In this example we have table A and table B.
Table A contains data for clothing purchases by customer and product along with the quantity purchased and the total amount paid. This table has two dimensions of customer and product, and two metrics of quantity purchased and amount paid.Table B contains data for the same clothing purchases by customer and product with an extra dimension of description and also includes quantity purchased and the total amount paid. This table has three dimensions of customer and product, and two metrics of quantity purchased and amount paid.
We want to compare these two sets of data and find out where the differences are and quantify these differences. If we take a look at the data we can see some differences.
Table A contains data for Alex but table B is missing AlexGeoff has 2 sweaters in table A but has 3 sweaters in table B
There are several other differences in the tables, but spotting them manually will be hard and won’t scale when your tables have more data. Get & Transform will allow us aggregate these tables to the same level of granularity and join the aggregated data by their common dimensions to easily find the differences. Get & Transform was previously called Power Query in Excel 2010 and 2013, and you will need to install is as an add-in. Find out how to install Power Query here. If you’re running Excel 2016 then it’s already installed and can be found in the Data tab of the ribbon.
Aggregating The Tables
First we will need to aggregate the data to the customer and product level so that we can compare the two tables.
If you look at table A, you will notice that Bob and Jane have rows of data that will need to be aggregated. We ideally want only 1 row of data for Bob and Sweaters and 1 row of data for Jane and T-Shirt. TIP: I always find it’s a good idea to use Excel Tables with your data. This way, your queries can reference a table name instead of a range. When you add data you won’t need to update the range in your queries as they will reference the name. The data sets in this example have already been turned into tables named Table_A and Table_B, but you can read about how to make a table here.
First let’s select our table and make a query. This will open up the Query Editor.
Then select a Group By transformation.
Create your Group By query.
Now save the query.
From the Import Data menu select Only Create Connection. We could load this to another table by selecting Table if we want to see this intermediary step in our spreadsheet, but it’s not necessary. We can also select where to load the table to if we do select Table. Press the OK button to finish.

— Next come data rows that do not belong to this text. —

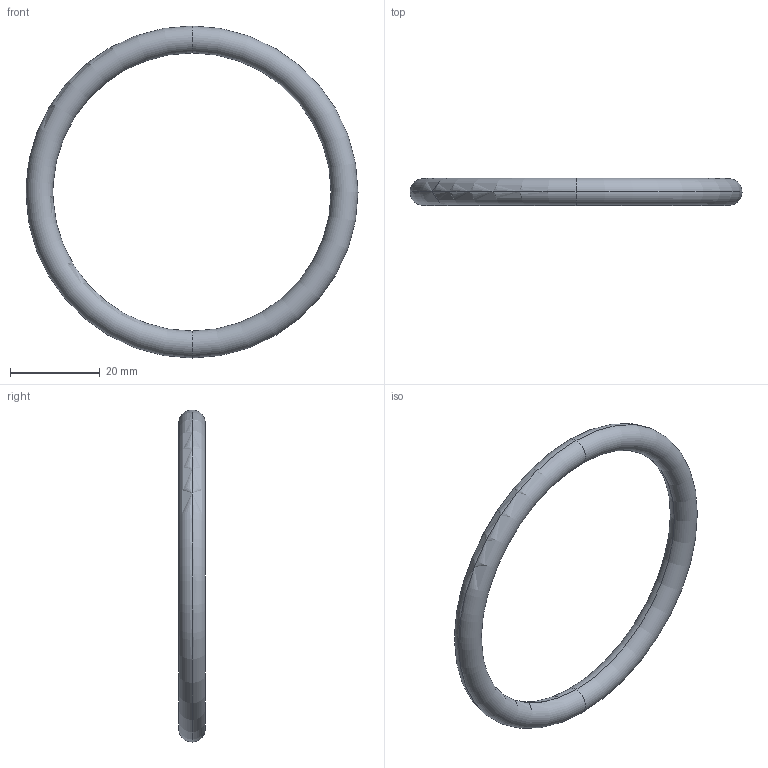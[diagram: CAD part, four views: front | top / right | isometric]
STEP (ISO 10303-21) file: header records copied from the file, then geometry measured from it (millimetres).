
FILE_DESCRIPTION (( 'STEP AP203' ), '1' );
FILE_NAME ('100053005.step', '2018-03-09T07:21:21', ( '' ), ( '' ), 'SwSTEP 2.0', 'SolidWorks 2015', '' );
FILE_SCHEMA (( 'CONFIG_CONTROL_DESIGN' ));
Length unit declared in the file: millimetre
Products named in the file (1): 100053005
Bounding box: 74 x 6 x 74 mm (x, y, z)
Volume: 6040.2 mm3; surface area: 4028.8 mm2
Topology: 1 solids, 1 shells, 248 faces, 693 edges, 452 vertices
Faces by surface type: bspline 126, plane 78, torus 44
Entity records: 14523 total; most frequent: CARTESIAN_POINT 9096, ORIENTED_EDGE 1386, EDGE_CURVE 693, DIRECTION 676, VERTEX_POINT 452, B_SPLINE_CURVE_WITH_KNOTS 376, EDGE_LOOP 255, FACE_OUTER_BOUND 248
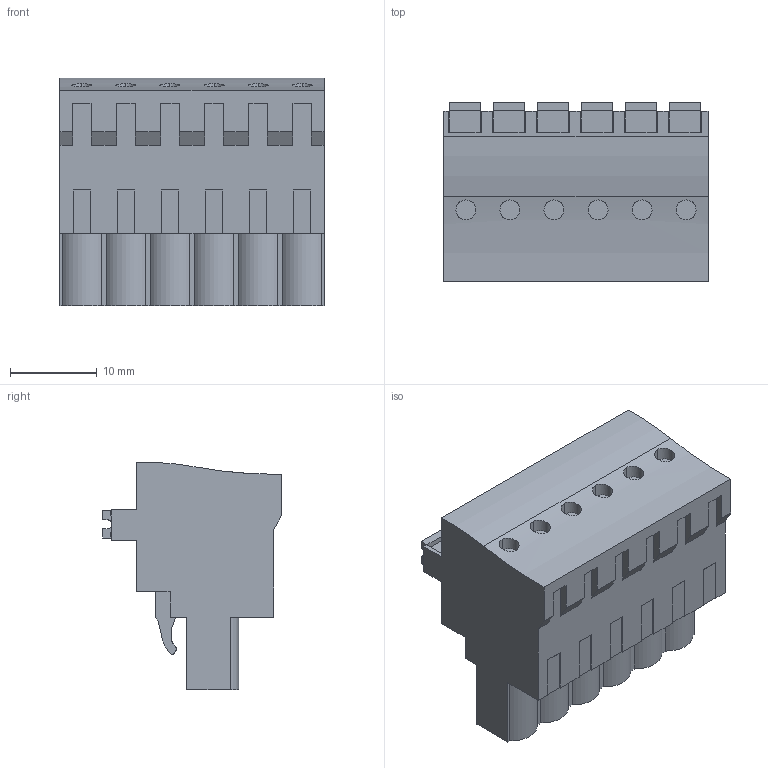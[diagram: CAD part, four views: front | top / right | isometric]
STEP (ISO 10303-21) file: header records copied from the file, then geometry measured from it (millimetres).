
FILE_DESCRIPTION(('CATIA V5 STEP Exchange','CAx-IF Rec.Pracs.--- Model Styling and Organization---1.2---2011-12-15'),'2;1');
FILE_NAME ('D1446260_0_1001570000_1001570000.stp','2017-09-08T11:46:38+00:00',('none'),('Weidmueller'),'CATIA Version 5-6 Release 2014','CATIA V5 STEP AP214','none');
FILE_SCHEMA(('AUTOMOTIVE_DESIGN { 1 0 10303 214 1 1 1 1 }'));
Length unit declared in the file: millimetre
Products named in the file (1): 1001570000
Bounding box: 30.48 x 20.64 x 26.24 mm (x, y, z)
Volume: 9317.7 mm3; surface area: 4373.7 mm2
Topology: 7 solids, 7 shells, 419 faces, 1200 edges, 819 vertices
Faces by surface type: plane 339, cylinder 72, extrusion 8
Entity records: 12946 total; most frequent: CARTESIAN_POINT 2586, ORIENTED_EDGE 2400, DIRECTION 1683, EDGE_CURVE 1200, VECTOR 1021, LINE 1013, VERTEX_POINT 819, EDGE_LOOP 443
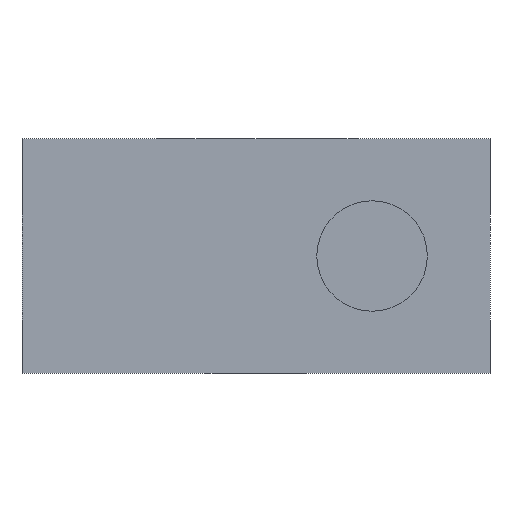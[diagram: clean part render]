
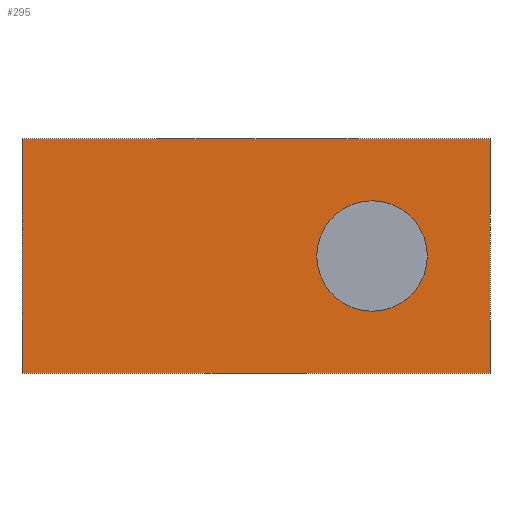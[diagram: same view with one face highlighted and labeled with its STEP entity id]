
A CAD part, front view. The second image highlights one B-rep face of the part: STEP entity #295.
In plain terms, the highlighted planar face has unit normal (0, -1, 0).
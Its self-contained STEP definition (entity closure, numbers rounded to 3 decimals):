
#19=FACE_BOUND('',#74,.T.);
#32=PLANE('',#341);
#49=FACE_OUTER_BOUND('',#73,.T.);
#73=EDGE_LOOP('',(#243,#244,#245,#246));
#74=EDGE_LOOP('',(#247));
#95=LINE('',#492,#115);
#100=LINE('',#505,#120);
#102=LINE('',#508,#122);
#103=LINE('',#509,#123);
#115=VECTOR('',#405,10.);
#120=VECTOR('',#416,10.);
#122=VECTOR('',#420,10.);
#123=VECTOR('',#421,10.);
#139=CIRCLE('',#342,3.);
#155=VERTEX_POINT('',#486);
#157=VERTEX_POINT('',#490);
#161=VERTEX_POINT('',#502);
#162=VERTEX_POINT('',#504);
#163=VERTEX_POINT('',#510);
#186=EDGE_CURVE('',#155,#157,#95,.T.);
#192=EDGE_CURVE('',#161,#162,#100,.T.);
#194=EDGE_CURVE('',#155,#161,#102,.T.);
#195=EDGE_CURVE('',#162,#157,#103,.T.);
#196=EDGE_CURVE('',#163,#163,#139,.T.);
#243=ORIENTED_EDGE('',*,*,#194,.F.);
#244=ORIENTED_EDGE('',*,*,#186,.T.);
#245=ORIENTED_EDGE('',*,*,#195,.F.);
#246=ORIENTED_EDGE('',*,*,#192,.F.);
#247=ORIENTED_EDGE('',*,*,#196,.T.);
#295=ADVANCED_FACE('',(#49,#19),#32,.T.);
#341=AXIS2_PLACEMENT_3D('',#507,#418,#419);
#342=AXIS2_PLACEMENT_3D('',#511,#422,#423);
#405=DIRECTION('',(0.,0.,1.));
#416=DIRECTION('',(0.,0.,1.));
#418=DIRECTION('center_axis',(0.,-1.,0.));
#419=DIRECTION('ref_axis',(1.,0.,0.));
#420=DIRECTION('',(-1.,0.,0.));
#421=DIRECTION('',(1.,0.,0.));
#422=DIRECTION('center_axis',(0.,1.,0.));
#423=DIRECTION('ref_axis',(1.,0.,0.));
#486=CARTESIAN_POINT('',(25.4,95.85,271.));
#490=CARTESIAN_POINT('',(25.4,95.85,283.7));
#492=CARTESIAN_POINT('',(25.4,95.85,271.));
#502=CARTESIAN_POINT('',(0.,95.85,271.));
#504=CARTESIAN_POINT('',(0.,95.85,283.7));
#505=CARTESIAN_POINT('',(0.,95.85,271.));
#507=CARTESIAN_POINT('Origin',(0.,95.85,271.));
#508=CARTESIAN_POINT('',(25.4,95.85,271.));
#509=CARTESIAN_POINT('',(25.4,95.85,283.7));
#510=CARTESIAN_POINT('',(16.,95.85,277.35));
#511=CARTESIAN_POINT('Origin',(19.,95.85,277.35));
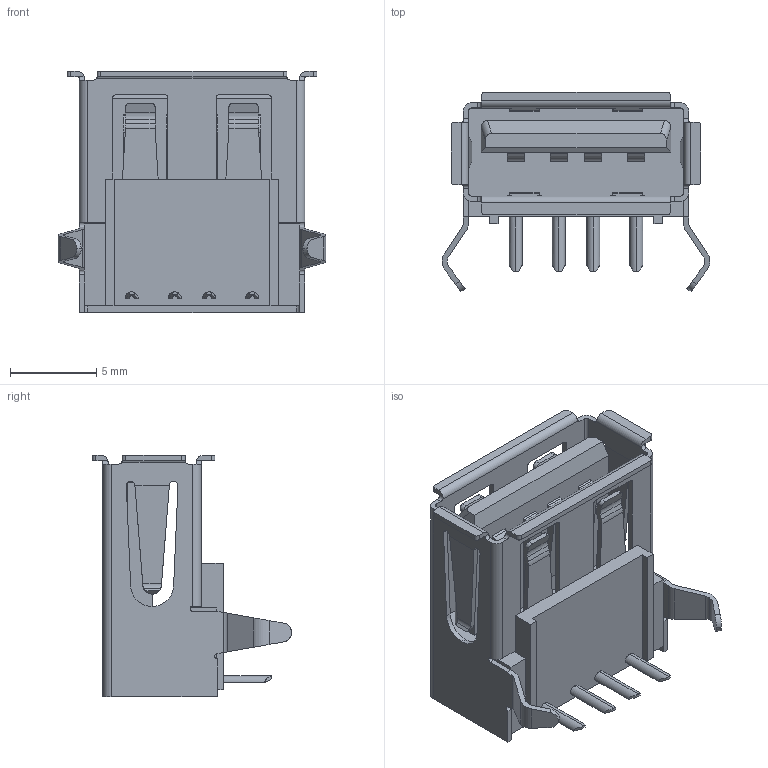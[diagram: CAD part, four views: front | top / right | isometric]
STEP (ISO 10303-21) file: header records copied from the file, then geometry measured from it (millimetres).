
FILE_DESCRIPTION (( 'STEP AP214' ), '1' );
FILE_NAME ('KUSBX-AS1N-B_rA3.STEP', '2013-09-26T18:31:54', ( '' ), ( '' ), 'SwSTEP 2.0', 'SolidWorks 2012', '' );
FILE_SCHEMA (( 'AUTOMOTIVE_DESIGN' ));
Length unit declared in the file: millimetre
Products named in the file (1): KUSBX-AS1N-B_rA3
Bounding box: 15.55 x 11.55 x 14 mm (x, y, z)
Volume: 697.1 mm3; surface area: 1306.4 mm2
Topology: 1 solids, 1 shells, 369 faces, 1010 edges, 646 vertices
Faces by surface type: plane 233, cylinder 136
Entity records: 12292 total; most frequent: CARTESIAN_POINT 2512, ORIENTED_EDGE 2020, DIRECTION 1816, EDGE_CURVE 1010, LINE 692, VECTOR 692, VERTEX_POINT 646, AXIS2_PLACEMENT_3D 562

You should now see the Queries & Connections window pane docked to the right of your spreadsheet and it will contain our new Table_A query. We can repeat the same process to create a Group By query for Table_B with the exact same groupings.
You should now see two Connection only queries in the Queries & Connections window pane for Table_A and Table_B.
Join Queries With Merge
Now we will combine our queries.
Now we can setup our merge query.
In the editor we will see our Table_A Group By query along with a Table_B column. We will need to expand this column to show the data in our Table_B Group By query.
Go to the Home tab and press the Close & Load button to create a table of the results in a new sheet.
Compare Data
It’s now easy to compare the data in table A and B and see where the differences are.